Если бы Хейз видел Гувера Шотса, он впечатлился бы его счастливым видом. Однако взгляд Хейза оставался прикован к человеку на капоте машины. Хейз спустился на мостовую и подошел ближе к другой машине, не сводя глаз со щуплой фигуры. Гувер Шотс указал на нее двумя пальцами, и мужчина вдруг заговорил – громко, монотонно, высоким и гнусавым голосом:
– Неспасенные спасают себя, и новый Иисус им в помощь! Узрите чудо! Примите спасение в Святой Церкви Христовой Без Христа!

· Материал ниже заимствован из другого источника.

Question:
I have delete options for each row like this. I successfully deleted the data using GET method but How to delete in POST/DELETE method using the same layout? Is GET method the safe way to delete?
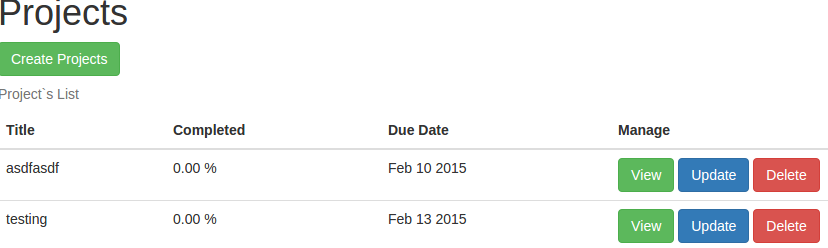
Answer: > Is GET method the safe way to delete?
I don't think is safer to use 'GET', 'POST', or 'DELETE'. Whatever method you use, you still have to add rules in the firewall or in the controller to ensure that an user has the right to delete something.
You can declare a specific route for deleting an instance of your entity, without using any form:
'''
/**
* @Route(
* "/something/{id}/delete",
* name="something_delete"
* )
*/
public function somethingRemoveAction($id)
{
$something = $this->getDoctrine()
->getRepository('ACMEBundle:Something')
->find($id);
$em = $this->getDoctrine()->getManager();
$em->remove($something);
$em->flush();
// Suggestion: add a message in the flashbag
// Redirect to the table page
return $this->redirect($this->generateUrl('something_list'));
}
'''
Then create a button for each row of the table:
'''
<a href="{{ path('something_delete', {'id': something.id}) }}">
<button type="button">Delete</button></a>
'''
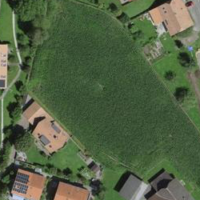
EUNIS habitat code: 55
Species observed at this site:
Ribes nigrum
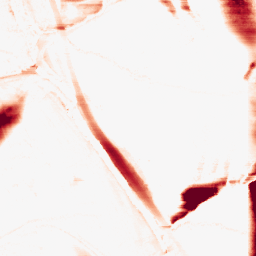
Category: morphological
Decomposition family: morphological_rect
Decomposition parameters: operation: opening
width: 50
height: 5
Upsampling method: regularized
Upsampling parameters: scale: 4
lambda_reg: 0.001
Upsampling scale: 4
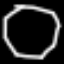
Label: octagon
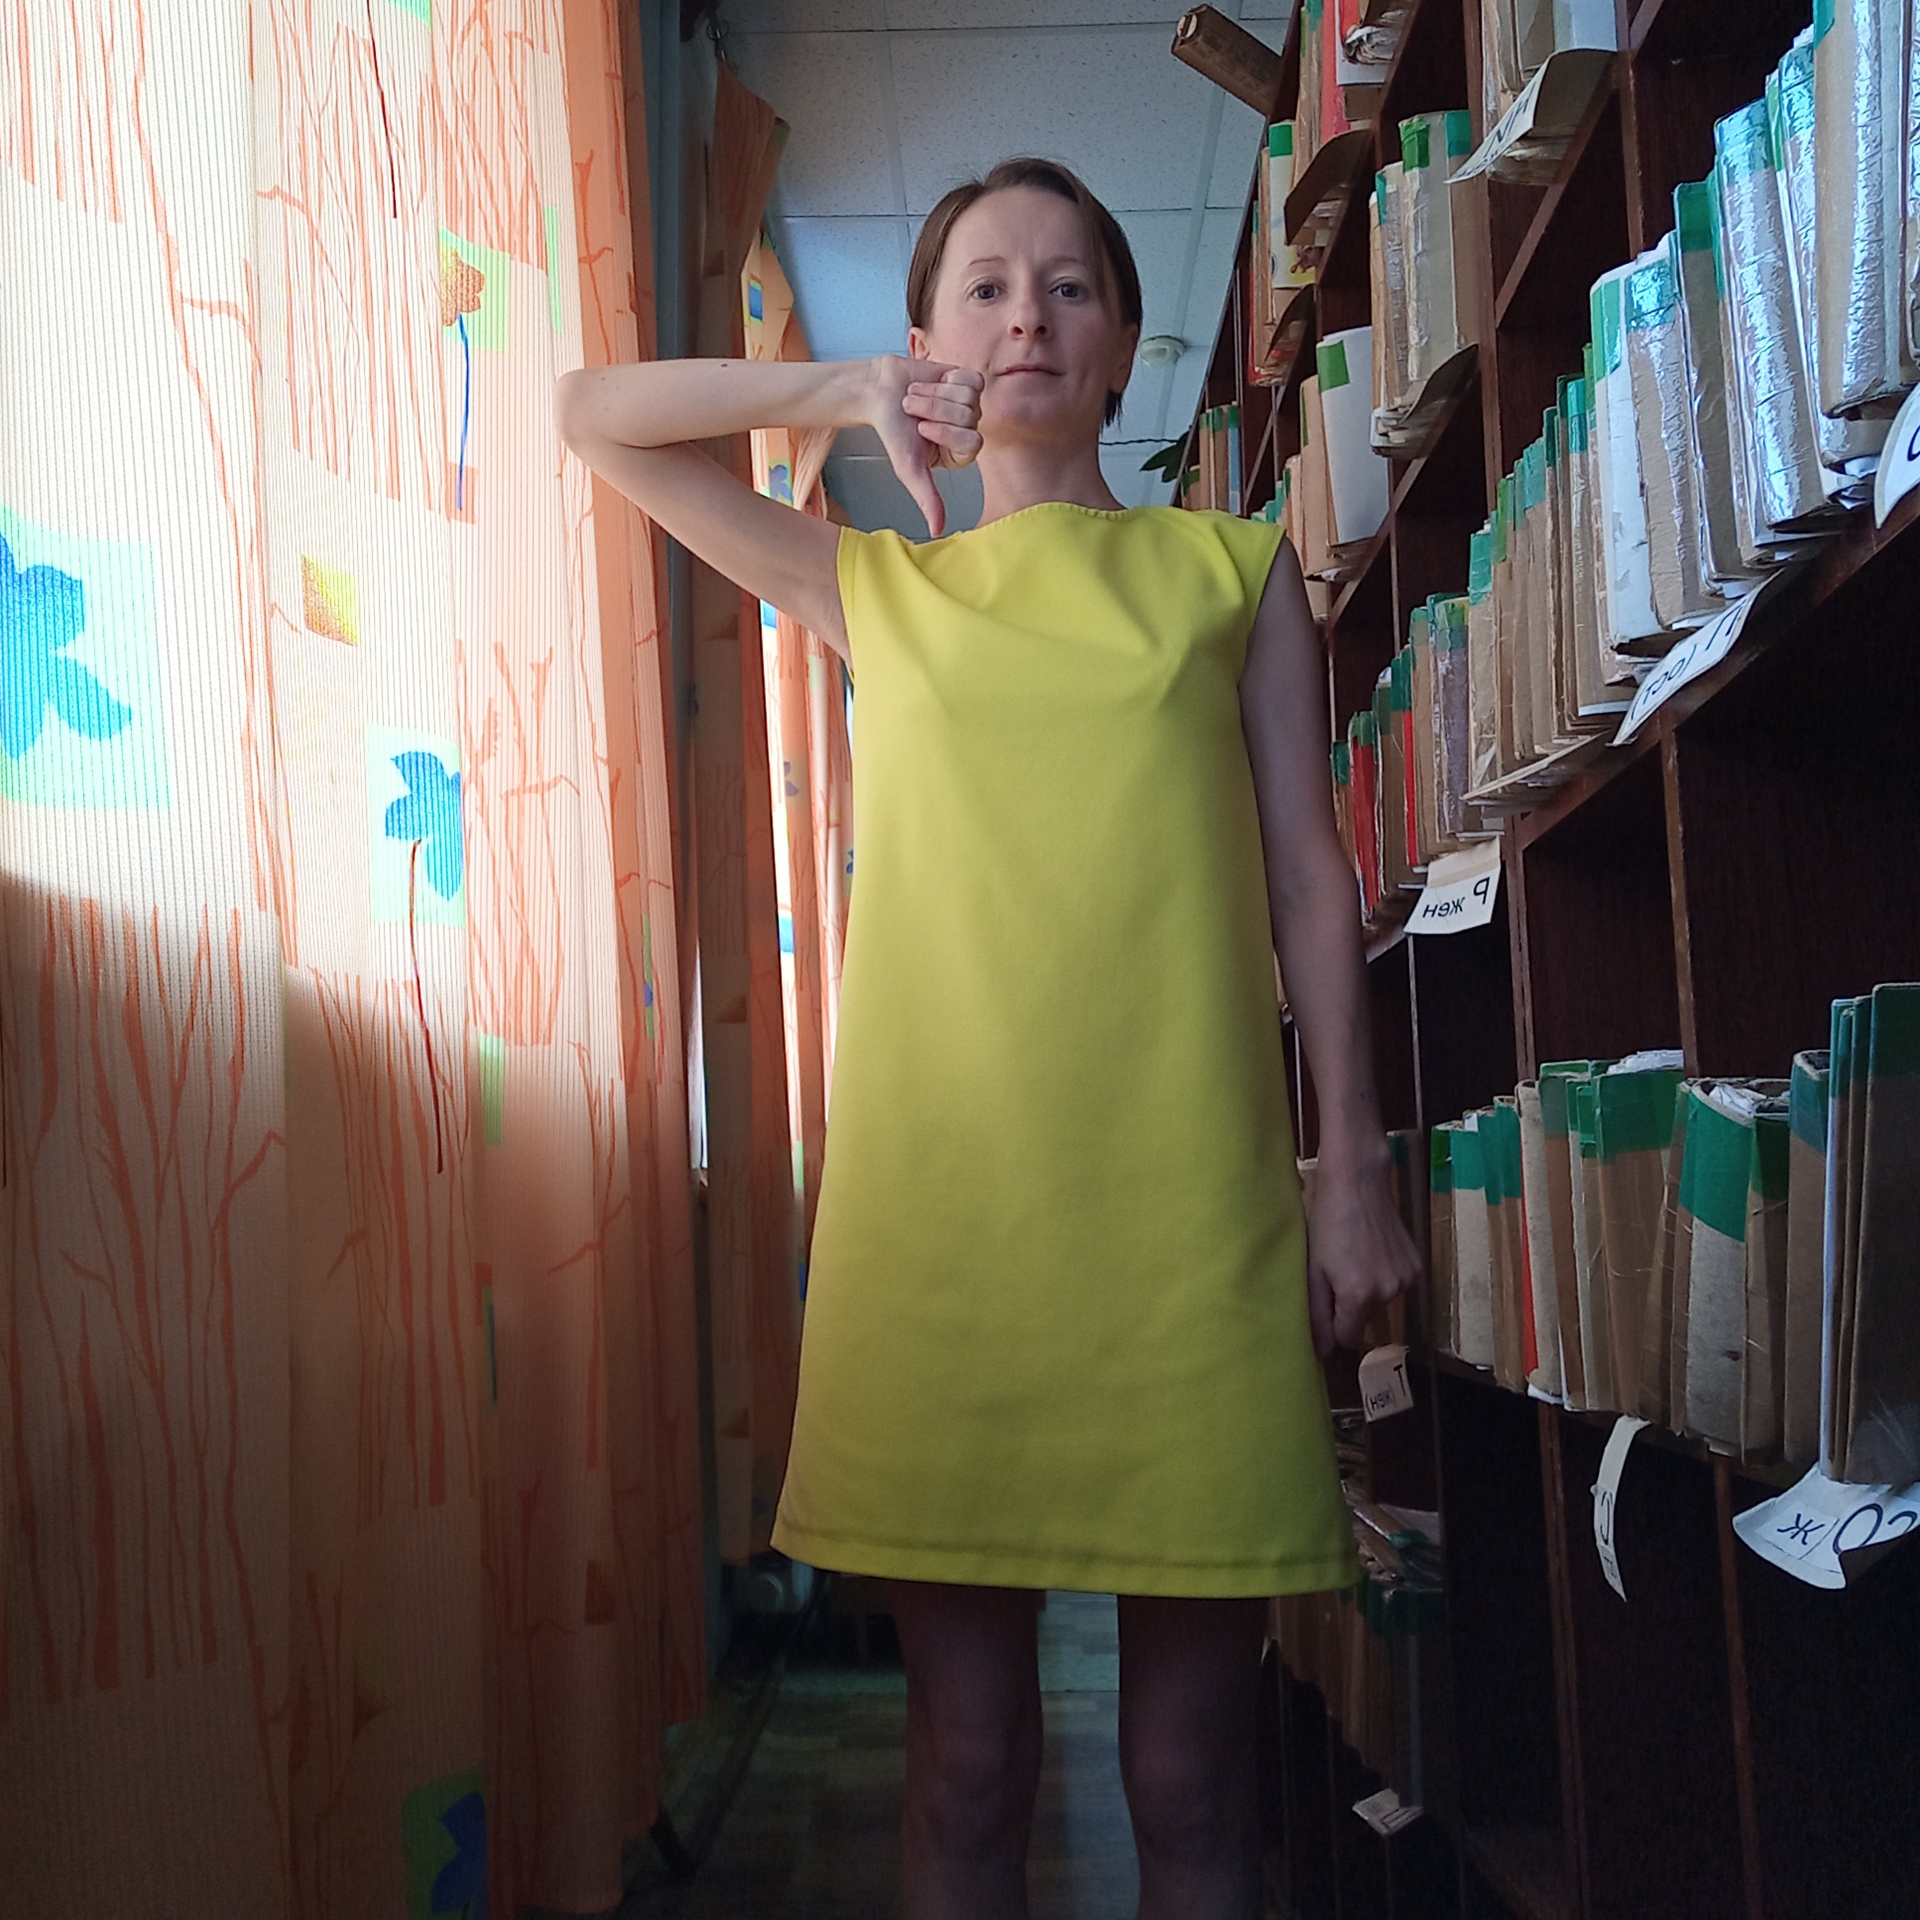
Label: clear

Тем же тоном он повторил призыв, уже быстрее. Затем закашлялся – кашель у него был громкий, страшный, начинался он где-то в утробе и заканчивался долгим присвистом. При этом мужчина отхаркивал белесую слизь.
Хейз остановился возле полной женщины. Спустя минуту она посмотрела на Хейза, затем – на Истинного Пророка. Толкнула Хейза локтем в плечо и, усмехнувшись, спросила:
– Вы с ним – не близнецы?
– Если не нагоните его, не убьете, оно нагонит вас и убьет, – ответил Хейз.

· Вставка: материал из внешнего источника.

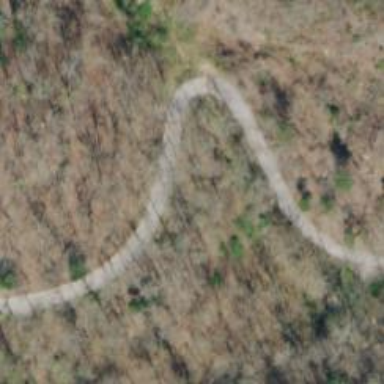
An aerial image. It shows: Unclassified road.
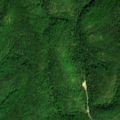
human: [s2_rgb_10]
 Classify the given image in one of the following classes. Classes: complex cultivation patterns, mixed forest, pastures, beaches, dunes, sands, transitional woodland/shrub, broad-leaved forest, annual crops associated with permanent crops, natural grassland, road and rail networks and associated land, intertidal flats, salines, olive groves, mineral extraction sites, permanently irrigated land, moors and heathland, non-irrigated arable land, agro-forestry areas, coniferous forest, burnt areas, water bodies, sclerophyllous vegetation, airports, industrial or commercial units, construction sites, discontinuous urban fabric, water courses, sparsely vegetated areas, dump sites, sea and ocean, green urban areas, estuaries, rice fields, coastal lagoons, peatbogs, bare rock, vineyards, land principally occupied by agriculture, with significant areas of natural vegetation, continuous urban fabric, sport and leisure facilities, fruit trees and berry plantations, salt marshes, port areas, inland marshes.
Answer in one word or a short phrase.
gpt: broad-leaved forest
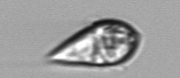
Label: Gyrodinium
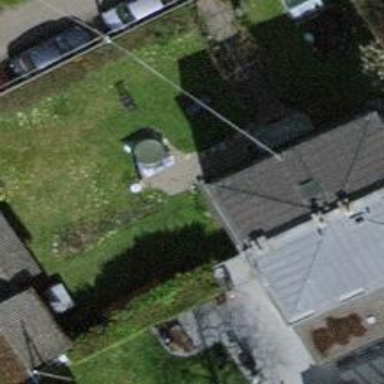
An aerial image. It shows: Garden enclosed by fence.
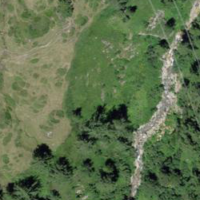
EUNIS habitat code: 25
Species observed at this site:
Vaccinium vitis-idaea
Ajuga pyramidalis
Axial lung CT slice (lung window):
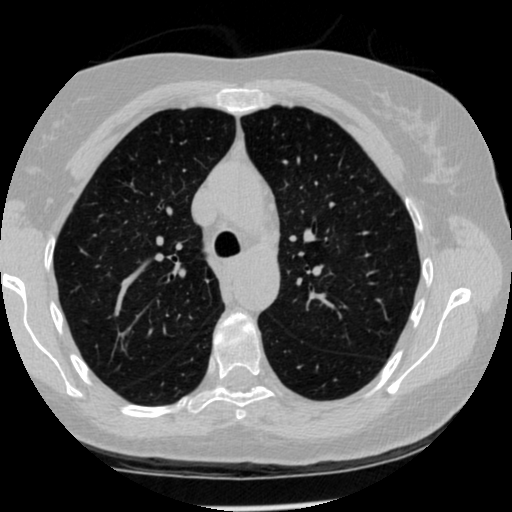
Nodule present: no
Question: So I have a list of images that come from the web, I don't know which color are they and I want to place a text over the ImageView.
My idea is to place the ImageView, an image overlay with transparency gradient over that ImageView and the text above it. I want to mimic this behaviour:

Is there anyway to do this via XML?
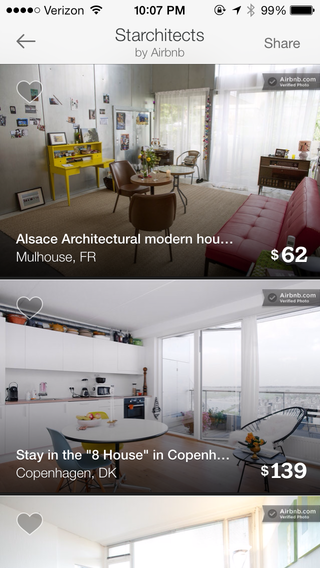
Answer: When you write the XML for your list items which get inflated in the 'getView(...)' of whatever 'ListAdapter' you've written you can surely do this.
Something like this for the list item:
'''
<?xml version="1.0" encoding="utf-8"?>
<RelativeLayout xmlns:android="http://schemas.android.com/apk/res/android"
android:layout_width="match_parent"
android:layout_height="match_parent">
<ImageView
android:layout_width="320dp"
android:layout_height="240dp"
android:background="#ACACAC"/>
<RelativeLayout
android:layout_width="320dp"
android:layout_height="240dp"
android:background="@drawable/gradient">
<TextView
android:layout_width="wrap_content"
android:layout_height="wrap_content"
android:text="Here is your text"
android:textColor="#000000"
android:layout_alignParentBottom="true"/>
</RelativeLayout>
</RelativeLayout>
'''
Then you create that drawable/gradient. For that you can recycle the answer from <URL>.
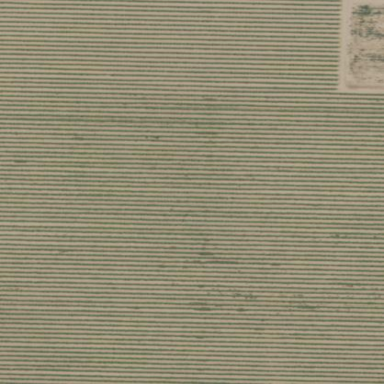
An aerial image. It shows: Vineyard.
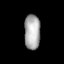
Tissue: lung
Cell type: Endothelial cells
Senescence score: 0.5836
Nuclear area (px): 545
Mean DAPI intensity: 170.2
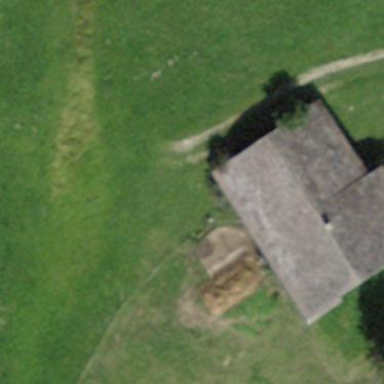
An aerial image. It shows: Farm building.
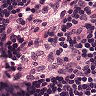
Metastatic tissue present: no
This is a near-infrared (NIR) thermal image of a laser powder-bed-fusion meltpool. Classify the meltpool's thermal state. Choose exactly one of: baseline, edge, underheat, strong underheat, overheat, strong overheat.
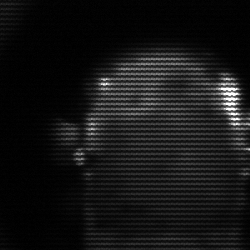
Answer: baseline

– А? Кто? Кого? – переспросила женщина.
Хейз развернулся и пошел к своему автомобилю.
Посмотрев, как он уезжает, дамочка толкнула в локоть мужчину по другую руку от себя.
– Вот же псих. Ни разу не видала, чтобы близнецы друг на друга охотились.
Вернувшись домой, Хейз застал Отдохновение Хоукс у себя в постели. Забившись в угол, одной рукой она обхватила колени. Другой держалась за краешек простыни, словно утопающий – за соломинку. Лицо ее было угрюмо и полно тревоги. Почти не обращая внимания на девушку, Хейз присел на кровать.
– Можешь ударить меня столом, – сказала Отдохновение. – Все равно не уйду. Некуда. Отец бежал и бросил меня. Это ты его прогнал. Прошлой ночью я не спала и видела, как ты светил спичкой ему в лицо. Я думала, любой раскусит отца, не зажигая спички. Он – жулик. Просто мелкий жулик, уставший от своего ремесла и ушедший попрошайничать.
Нагнувшись, Хейз принялся расшнуровывать ботинки – свои старые армейские ботинки, которые он покрыл черным лаком, желая забыть о службе. Под осторожным взглядом Отдохновения Хейз стянул обувку с ног и уставился в пол.
– Бить будешь или нет? – спросила Отдохновение. – Если будешь – начинай, потому что никуда я не уйду. Мне некуда податься.
Судя по позе Хейза, никого он бить не собирался. Он словно бы вознамерился просидеть в таком положении до самой смерти.